You'd think I'd have realized this the night before, seeing people dancing in 40 degree weather in their underwear to real DJs. Like DJ Sequoia (whose real name I'll use in case you want to check him out when he plays around town, and you do), who had this whole lineup of cute Princess Sparkle Pony Go-Go Girls crowding the stage to dance to his music. Or while drifting off to sleep as brilliantly deranged mashups created by the Handyman and Handsome Handsome D played into the dawn.

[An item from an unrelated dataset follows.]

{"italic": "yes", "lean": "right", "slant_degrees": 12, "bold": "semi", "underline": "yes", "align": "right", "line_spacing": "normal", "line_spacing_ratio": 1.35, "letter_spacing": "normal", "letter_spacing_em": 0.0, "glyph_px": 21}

Nope, I went on ahead with it. So it was later in the afternoon that I stood on the stage in front of the Handyman's computer, which has one of those knobs on it instead of an old-school mouse, the thing some people call a nipple but which is known around the Cougar household as a "clit." It was appropriate for that computer, because said knob was bright red. It also began to behave in the elusive manner for which its titular organ is notorious, and I rubbed and clicked away for a while, getting nowhere and eventually freezing the computer, which then began to play the Monsters of Folk song I wasn't even sure I wanted to play in the first place. Again. And someone yelled "You suck!" and I wanted to cry. Except that I was wearing a devil costume with booty shorts and a belt whose buckle was in the shape of red sequined lips, and it's illegal to cry in an outfit like that, and I am a law-abiding woman. DJ Sequoia came up to help, and then the Handyman came back, and then he and Handsome Handsome D started doing more of what they'd been doing the night before, and all the humans and woodland creatures were again happy and playing and dancing, and I grabbed a friend's abandoned hoop and spun my troubles away.

Apart from those few minutes of dead air, it was a lovely weekend, and I can't wait to go again and try something else new. And it was very kind of the real DJs to be so patient with me.

[Exit singing:] "I woke up this morning...and my thumb was gone..."

Photo: Duty-free heliotrope. This is how dumb I am about computers--the blog thingy wouldn't let me put pictures up for a while because I hadn't agreed to terms of service in a while or something like that. I just forgot to click a box.